It refers to the lipo polysaccharide (LPS) that forms the cell wall of pan cyanobacteria, and it has been discovered that these chemicals are hazardous to humans. When injected into the peritoneal membranes at a dose of (1–1.2 mg/kg after 48 h), it was likewise proven to be deadly to rats [12].


3. Toxic effect of microcystins

Many researches have confirmed that the compounds produced by various varieties of cyanobacteria are harmful to many animals and humans, as they have been discovered to cause the death of many creatures in many parts of the world, including cattle, horses, dogs, birds, fish, and crocodiles. These toxins have a direct impact on society Zooplankton, particularly those that prefer cyanobacteria species as a major food source, such as the genus Daphnia, where it was discovered that low concentrations of these toxins reduce the ability of these organisms to reproduce new generations, as well as their members’ growth rates. Toxic levels above a certain threshold cause death [13]. The use of water contaminated with microcystins in the dialysis process in a hospital’s hemodialysis unit, which resulted in damage Acute hepatitis, confirms the seriousness of these toxins, as the worst accident recorded so far occurred in 1996, with the victim (60 patients) due to the use of water contaminated with microcystins in the dialysis process. Due to the usage of recycled water for drinking, Western culture is one of the societies most exposed to these poisons, as proven by two occurrences in Australia. Due to pollution of drinking water with these chemicals, the first victim (139 children) and a number of adults became infected, resulting in severe liver, hematuria, renal failure, and death. The high concentration of toxin in the drinking water was caused by the chemical treatment of water containing blooming algae (Microcystis aeruginosa) with copper sulfate CuSO4, which is commonly employed to kill algae cells. High body temperature, skin rash, enteritis, general weakness, lack of appetite, pallor of mucous membranes, vomiting, diarrhea, liver poisoning, and death within hours or days, depending on the amount of dose given and the weight of the animal, are common signs of microcystin poisoning. The most common cause of death is an abrupt bleeding within the liver. Microcystins, according to the majority of researchers in this subject, have a stimulating influence on the growth of malignant tumors when consumed low concentrations and for long periods [14].


4. Hazards resulting from algal toxins

Environmental parameters such as temperature, illumination, pH, salinity, macro- and micronutrients are among the most important regulators of toxins production from blue-green algae, according to environmental studies in continuous cultures of algae.
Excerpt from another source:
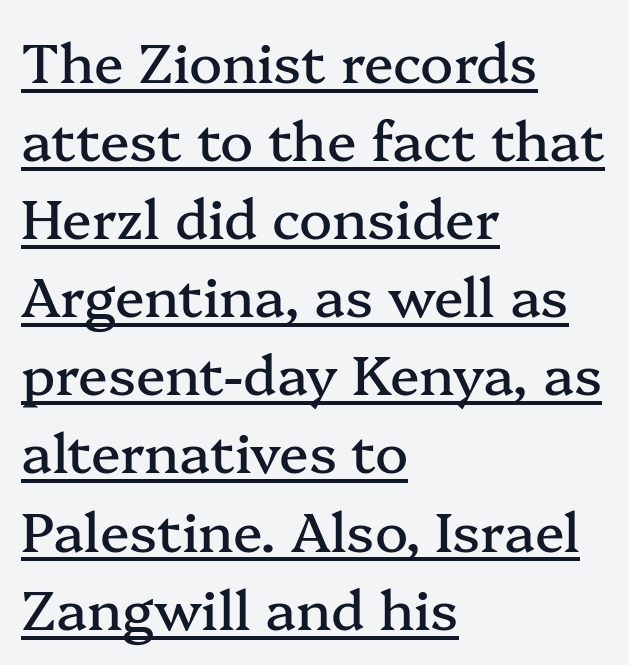
Caption: multi-line text, flush left, ragged right. The passage shown stacks its lines at a standard gap. Think of a printed novel: that variable character pitch is what you see here. Stroke terminals: seriffed.
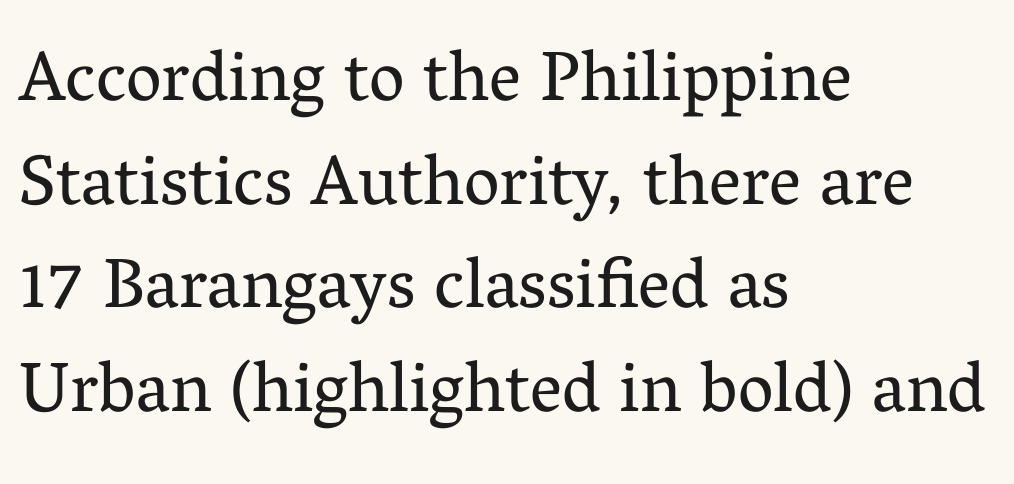
{"serif": "yes", "italic": "no", "bold": "no", "weight": "regular", "width": "normal", "stroke_contrast": "medium", "x_height": "medium", "monospaced": "no", "underline": "no", "align": "left", "line_spacing": "normal", "line_spacing_ratio": 1.46, "letter_spacing": "normal", "letter_spacing_em": 0.0, "glyph_px": 71}

Microcytins and Anatoxin-a are maintained to a significant extent inside the cell. Because the degree of (Microcytins) harm to the environment and neighboring creatures increases as the logarithmic length of growth increases, the presence of (Microcytins) cannot be overlooked. According to certain research, the quantities of toxins in water containing creatures that emit toxins range from (1–100 g/l) and can be higher, and as a result, (microcytins) are among the contents that pose a health risk and have an effect if the water has been ingested from change the detoxification of cyanobacteria and their cells [15].


5. Algae producing toxins


6. Methods for treating algal toxins

6.1 Treatment of algal toxins

6.1.1 potassium permanganate

After reducing the quantity of algae that produces food enrichment (excessive growth), a potassium permanganate mixture with a concentration of 30 mg/l textured alum as coagulate was used. The concentrations of chlorophyll algal toxins per transaction were examined and compared to the standard at the end of the 72-h experiment mediated by the GC/MS device, in addition to reducing the productivity of the initial algae by reducing the concentrations of chlorophyll algal toxins per transaction. The results revealed the presence of algal toxins belonging to the groups Neurotoxins, Hepatotoxins, Pyriproxyfen, Emodin, Brevetoxins-10 (A), and Cytotoxins in the standard treatment, with a note detoxification algal 100% concentrations of 8 and 16 mg/l, respectively, textured potassium permanganate in comparison to the standard, which contained a lot of chemical compounds to algal toxins (Figure 3).

Figure 3.

GC-MASS of algal toxins within the treated standard.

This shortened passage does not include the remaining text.